Select the lines of the records containing the word "height" and list them.

═══ Supplied records ═══

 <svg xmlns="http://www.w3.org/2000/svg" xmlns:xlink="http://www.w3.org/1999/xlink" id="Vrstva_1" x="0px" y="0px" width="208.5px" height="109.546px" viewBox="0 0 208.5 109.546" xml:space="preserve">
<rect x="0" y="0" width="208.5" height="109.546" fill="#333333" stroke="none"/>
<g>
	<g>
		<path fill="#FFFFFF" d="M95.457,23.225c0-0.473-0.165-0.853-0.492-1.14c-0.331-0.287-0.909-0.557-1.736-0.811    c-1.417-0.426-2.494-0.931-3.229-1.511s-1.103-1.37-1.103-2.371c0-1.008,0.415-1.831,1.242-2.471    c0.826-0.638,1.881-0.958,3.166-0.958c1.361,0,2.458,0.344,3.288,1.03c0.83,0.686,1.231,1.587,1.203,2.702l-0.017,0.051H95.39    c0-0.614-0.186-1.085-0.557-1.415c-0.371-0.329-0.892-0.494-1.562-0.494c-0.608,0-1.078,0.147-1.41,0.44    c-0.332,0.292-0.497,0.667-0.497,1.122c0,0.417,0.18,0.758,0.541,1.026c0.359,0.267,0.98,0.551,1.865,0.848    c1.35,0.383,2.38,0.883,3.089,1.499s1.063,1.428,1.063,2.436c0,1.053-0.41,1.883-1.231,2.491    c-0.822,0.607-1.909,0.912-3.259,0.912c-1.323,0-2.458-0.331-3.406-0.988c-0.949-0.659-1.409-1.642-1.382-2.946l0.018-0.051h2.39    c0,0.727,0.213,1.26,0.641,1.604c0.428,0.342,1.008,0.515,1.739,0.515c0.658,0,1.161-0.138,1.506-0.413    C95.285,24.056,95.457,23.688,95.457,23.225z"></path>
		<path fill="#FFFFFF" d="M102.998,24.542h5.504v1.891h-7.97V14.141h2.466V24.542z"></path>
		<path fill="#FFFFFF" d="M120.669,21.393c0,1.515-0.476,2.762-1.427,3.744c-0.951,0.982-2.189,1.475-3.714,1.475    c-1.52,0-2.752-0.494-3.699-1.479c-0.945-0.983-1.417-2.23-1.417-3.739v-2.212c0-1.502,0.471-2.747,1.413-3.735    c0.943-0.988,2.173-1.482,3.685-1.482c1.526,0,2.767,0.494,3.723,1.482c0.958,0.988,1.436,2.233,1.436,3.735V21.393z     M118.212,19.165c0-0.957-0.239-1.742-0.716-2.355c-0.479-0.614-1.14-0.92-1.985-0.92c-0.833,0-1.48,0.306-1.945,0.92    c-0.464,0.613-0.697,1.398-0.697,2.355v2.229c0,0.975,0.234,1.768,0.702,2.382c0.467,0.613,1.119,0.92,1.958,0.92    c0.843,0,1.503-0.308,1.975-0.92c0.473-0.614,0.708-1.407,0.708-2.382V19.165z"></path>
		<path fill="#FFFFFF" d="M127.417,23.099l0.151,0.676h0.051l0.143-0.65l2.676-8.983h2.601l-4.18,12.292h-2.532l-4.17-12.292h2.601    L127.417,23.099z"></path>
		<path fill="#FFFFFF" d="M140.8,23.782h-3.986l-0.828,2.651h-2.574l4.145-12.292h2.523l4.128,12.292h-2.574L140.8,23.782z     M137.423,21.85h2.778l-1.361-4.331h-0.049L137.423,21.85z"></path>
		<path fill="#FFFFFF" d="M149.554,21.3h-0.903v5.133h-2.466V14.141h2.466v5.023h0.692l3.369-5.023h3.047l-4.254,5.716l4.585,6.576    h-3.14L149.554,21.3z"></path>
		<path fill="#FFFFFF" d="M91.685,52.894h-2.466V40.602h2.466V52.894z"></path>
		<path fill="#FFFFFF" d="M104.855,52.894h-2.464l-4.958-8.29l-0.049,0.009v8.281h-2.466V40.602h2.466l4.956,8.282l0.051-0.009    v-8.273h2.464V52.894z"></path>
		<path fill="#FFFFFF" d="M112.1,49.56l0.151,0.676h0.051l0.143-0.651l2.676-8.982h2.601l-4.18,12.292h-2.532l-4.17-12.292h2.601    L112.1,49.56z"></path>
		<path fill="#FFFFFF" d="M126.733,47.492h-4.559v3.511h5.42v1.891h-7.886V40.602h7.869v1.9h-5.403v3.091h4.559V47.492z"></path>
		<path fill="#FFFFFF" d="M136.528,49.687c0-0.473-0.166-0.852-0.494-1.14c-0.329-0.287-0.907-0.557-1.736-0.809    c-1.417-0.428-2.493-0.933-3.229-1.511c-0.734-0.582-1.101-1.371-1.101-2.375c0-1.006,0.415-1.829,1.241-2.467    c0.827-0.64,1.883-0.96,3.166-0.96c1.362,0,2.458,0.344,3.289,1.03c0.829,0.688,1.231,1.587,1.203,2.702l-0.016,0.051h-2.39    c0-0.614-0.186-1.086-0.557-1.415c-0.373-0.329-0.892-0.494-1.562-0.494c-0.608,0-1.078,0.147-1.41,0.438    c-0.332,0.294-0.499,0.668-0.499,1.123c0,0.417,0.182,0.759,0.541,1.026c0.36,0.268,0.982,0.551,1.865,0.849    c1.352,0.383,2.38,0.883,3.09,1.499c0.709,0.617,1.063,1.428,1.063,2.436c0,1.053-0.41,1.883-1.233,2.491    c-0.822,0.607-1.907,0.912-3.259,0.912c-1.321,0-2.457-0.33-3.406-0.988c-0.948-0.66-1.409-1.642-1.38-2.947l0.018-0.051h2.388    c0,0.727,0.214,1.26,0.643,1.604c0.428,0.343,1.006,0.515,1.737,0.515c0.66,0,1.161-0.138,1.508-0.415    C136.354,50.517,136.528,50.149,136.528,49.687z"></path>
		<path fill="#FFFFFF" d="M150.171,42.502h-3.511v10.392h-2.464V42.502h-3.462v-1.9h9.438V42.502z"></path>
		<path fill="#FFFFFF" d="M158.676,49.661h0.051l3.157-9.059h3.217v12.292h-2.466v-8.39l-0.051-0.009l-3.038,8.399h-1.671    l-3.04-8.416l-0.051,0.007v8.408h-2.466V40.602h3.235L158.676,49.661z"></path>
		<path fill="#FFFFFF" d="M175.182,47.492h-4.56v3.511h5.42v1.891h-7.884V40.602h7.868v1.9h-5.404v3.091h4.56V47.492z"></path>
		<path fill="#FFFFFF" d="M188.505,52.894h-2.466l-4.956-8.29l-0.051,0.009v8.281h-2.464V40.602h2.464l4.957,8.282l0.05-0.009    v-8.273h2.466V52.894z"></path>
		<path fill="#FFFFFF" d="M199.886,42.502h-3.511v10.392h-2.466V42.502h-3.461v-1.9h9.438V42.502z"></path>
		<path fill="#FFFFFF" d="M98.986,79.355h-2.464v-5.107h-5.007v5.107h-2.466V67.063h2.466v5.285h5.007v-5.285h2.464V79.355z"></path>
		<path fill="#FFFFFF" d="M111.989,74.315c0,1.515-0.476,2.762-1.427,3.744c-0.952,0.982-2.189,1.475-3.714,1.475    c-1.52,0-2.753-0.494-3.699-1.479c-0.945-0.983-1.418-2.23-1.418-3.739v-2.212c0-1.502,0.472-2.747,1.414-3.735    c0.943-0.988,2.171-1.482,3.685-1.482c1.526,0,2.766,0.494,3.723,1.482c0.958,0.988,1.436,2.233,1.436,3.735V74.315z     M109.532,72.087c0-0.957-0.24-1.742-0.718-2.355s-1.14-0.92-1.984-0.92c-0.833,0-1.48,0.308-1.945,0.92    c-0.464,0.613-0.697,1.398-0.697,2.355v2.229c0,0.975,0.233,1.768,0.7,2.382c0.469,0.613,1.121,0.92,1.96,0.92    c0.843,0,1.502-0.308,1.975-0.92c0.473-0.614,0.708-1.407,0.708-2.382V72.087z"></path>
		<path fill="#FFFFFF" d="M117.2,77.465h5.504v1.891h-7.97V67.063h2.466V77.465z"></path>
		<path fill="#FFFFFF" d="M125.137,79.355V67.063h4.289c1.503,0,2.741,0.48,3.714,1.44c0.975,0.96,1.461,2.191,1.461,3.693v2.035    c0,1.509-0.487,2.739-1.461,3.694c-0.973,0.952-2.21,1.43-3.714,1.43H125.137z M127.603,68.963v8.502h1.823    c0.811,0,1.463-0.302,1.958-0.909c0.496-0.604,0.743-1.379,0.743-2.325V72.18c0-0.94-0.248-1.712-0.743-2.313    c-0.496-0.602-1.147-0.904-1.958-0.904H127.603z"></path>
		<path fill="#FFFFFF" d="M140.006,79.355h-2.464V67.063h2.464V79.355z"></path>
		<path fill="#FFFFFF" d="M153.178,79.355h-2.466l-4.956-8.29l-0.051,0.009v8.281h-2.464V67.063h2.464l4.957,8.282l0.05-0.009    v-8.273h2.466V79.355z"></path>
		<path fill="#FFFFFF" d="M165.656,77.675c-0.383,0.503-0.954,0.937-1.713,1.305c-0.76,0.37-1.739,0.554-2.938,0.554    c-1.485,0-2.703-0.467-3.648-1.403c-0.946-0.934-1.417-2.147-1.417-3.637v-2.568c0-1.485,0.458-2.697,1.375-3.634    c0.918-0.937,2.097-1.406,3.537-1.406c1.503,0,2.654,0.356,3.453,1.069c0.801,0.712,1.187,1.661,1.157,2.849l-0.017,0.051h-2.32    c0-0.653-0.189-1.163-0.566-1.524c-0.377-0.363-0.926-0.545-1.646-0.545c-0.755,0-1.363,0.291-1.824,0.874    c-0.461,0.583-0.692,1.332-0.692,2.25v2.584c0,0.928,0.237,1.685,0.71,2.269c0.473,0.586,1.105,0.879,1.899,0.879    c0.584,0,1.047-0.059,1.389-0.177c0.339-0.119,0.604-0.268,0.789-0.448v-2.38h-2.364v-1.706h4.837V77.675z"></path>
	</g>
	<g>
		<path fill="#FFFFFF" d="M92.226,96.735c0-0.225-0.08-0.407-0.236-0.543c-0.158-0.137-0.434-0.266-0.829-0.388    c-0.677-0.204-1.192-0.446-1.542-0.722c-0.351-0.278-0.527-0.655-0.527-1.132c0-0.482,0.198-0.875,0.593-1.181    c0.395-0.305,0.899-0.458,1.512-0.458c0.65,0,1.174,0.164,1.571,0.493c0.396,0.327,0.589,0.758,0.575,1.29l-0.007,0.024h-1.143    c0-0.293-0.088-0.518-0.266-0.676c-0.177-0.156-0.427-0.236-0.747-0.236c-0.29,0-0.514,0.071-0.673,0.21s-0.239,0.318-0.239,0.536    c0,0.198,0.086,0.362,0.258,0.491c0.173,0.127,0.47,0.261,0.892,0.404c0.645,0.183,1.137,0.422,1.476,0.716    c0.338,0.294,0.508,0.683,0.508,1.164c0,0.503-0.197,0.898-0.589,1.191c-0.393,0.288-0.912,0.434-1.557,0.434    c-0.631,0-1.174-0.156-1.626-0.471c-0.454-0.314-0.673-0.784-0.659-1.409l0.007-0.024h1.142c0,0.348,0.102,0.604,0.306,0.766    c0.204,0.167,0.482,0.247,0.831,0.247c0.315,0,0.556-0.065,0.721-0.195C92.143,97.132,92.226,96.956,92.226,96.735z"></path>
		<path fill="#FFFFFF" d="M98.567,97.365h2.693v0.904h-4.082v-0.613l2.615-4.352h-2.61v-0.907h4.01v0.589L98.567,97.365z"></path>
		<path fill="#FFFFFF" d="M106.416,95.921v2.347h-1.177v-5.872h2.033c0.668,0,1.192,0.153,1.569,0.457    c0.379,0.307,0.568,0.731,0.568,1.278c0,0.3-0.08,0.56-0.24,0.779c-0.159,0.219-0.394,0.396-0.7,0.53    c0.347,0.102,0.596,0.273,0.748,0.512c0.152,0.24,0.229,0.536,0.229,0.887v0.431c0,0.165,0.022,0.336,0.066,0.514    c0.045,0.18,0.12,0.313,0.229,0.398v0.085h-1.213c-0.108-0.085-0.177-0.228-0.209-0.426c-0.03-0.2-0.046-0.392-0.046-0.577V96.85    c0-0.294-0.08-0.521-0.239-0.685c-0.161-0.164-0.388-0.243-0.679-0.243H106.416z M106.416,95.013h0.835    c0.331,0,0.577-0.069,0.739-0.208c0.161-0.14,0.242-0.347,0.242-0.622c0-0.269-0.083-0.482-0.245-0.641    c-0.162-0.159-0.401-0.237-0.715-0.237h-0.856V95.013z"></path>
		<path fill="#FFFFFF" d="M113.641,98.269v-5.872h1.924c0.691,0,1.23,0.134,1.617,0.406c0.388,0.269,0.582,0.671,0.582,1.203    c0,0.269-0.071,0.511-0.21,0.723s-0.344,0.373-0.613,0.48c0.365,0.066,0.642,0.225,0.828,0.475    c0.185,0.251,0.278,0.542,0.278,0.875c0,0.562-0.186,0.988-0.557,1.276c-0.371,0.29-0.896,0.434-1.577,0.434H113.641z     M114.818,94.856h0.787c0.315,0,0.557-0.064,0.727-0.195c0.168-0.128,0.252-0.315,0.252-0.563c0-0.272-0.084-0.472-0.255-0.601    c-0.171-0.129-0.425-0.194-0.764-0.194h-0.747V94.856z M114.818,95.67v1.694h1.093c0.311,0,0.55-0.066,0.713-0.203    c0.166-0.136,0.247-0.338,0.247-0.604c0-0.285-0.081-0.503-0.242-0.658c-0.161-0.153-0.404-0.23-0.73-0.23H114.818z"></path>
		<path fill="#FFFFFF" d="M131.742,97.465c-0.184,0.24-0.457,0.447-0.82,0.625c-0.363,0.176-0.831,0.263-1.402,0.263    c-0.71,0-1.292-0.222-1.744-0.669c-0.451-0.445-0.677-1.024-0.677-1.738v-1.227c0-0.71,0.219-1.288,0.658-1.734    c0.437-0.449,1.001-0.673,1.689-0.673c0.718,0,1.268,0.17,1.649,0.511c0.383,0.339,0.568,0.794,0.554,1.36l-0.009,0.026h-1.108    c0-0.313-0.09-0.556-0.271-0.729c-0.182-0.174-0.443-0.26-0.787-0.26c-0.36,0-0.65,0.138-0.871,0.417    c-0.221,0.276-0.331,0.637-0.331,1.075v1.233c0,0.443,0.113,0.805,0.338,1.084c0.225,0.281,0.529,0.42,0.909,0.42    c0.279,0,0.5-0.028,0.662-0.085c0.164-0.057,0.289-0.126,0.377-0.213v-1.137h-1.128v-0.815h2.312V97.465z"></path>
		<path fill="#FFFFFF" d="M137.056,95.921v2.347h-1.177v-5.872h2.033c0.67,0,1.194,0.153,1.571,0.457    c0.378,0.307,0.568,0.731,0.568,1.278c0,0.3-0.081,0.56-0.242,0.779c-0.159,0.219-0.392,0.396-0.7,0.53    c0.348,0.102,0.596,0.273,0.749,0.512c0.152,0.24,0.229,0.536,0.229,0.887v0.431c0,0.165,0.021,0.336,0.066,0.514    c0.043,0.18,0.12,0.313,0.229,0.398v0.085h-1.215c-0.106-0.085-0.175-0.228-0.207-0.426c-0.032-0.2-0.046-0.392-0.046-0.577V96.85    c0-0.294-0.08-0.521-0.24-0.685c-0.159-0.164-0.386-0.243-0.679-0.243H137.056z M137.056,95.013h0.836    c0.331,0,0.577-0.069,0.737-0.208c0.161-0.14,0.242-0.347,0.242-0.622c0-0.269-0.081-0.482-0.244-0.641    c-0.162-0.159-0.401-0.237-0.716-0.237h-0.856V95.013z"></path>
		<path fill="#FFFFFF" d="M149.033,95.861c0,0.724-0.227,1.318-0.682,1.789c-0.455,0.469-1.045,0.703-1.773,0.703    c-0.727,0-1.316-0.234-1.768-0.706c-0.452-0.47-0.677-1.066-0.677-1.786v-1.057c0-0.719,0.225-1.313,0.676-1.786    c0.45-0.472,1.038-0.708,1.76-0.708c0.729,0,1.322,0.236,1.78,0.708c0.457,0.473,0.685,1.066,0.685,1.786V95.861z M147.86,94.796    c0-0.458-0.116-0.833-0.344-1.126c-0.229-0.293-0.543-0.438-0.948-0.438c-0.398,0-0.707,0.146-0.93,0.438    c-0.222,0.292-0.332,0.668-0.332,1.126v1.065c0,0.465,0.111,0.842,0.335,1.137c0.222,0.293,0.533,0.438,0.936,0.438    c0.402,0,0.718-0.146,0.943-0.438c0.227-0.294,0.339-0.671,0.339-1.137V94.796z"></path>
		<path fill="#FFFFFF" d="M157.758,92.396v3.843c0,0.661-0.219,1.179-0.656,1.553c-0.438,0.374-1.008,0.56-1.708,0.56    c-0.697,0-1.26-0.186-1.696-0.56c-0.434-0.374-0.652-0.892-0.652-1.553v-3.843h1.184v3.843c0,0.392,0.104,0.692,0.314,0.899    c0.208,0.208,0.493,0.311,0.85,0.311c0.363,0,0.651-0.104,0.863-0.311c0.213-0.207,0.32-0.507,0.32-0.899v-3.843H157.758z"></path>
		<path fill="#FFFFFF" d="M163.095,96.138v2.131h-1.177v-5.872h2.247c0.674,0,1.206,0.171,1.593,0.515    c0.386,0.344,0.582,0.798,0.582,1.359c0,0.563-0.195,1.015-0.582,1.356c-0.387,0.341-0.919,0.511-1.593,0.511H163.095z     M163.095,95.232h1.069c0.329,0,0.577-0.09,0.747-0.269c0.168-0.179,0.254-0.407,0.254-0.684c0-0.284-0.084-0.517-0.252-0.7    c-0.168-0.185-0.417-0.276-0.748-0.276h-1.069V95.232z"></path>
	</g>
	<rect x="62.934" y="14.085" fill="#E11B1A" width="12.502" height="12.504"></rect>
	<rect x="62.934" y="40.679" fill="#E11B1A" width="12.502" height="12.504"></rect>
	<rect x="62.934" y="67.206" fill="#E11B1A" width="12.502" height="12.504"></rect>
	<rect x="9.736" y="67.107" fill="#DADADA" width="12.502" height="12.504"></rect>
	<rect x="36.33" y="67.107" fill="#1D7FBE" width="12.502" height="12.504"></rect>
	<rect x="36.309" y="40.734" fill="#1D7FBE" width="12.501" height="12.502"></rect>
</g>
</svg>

═══

• Exercise response:
 <svg xmlns="http://www.w3.org/2000/svg" xmlns:xlink="http://www.w3.org/1999/xlink" id="Vrstva_1" x="0px" y="0px" width="208.5px" height="109.546px" viewBox="0 0 208.5 109.546" xml:space="preserve">
<rect x="0" y="0" width="208.5" height="109.546" fill="#333333" stroke="none"/>
	<rect x="62.934" y="14.085" fill="#E11B1A" width="12.502" height="12.504"></rect>
	<rect x="62.934" y="40.679" fill="#E11B1A" width="12.502" height="12.504"></rect>
	<rect x="62.934" y="67.206" fill="#E11B1A" width="12.502" height="12.504"></rect>
	<rect x="9.736" y="67.107" fill="#DADADA" width="12.502" height="12.504"></rect>
	<rect x="36.33" y="67.107" fill="#1D7FBE" width="12.502" height="12.504"></rect>
	<rect x="36.309" y="40.734" fill="#1D7FBE" width="12.501" height="12.502"></rect>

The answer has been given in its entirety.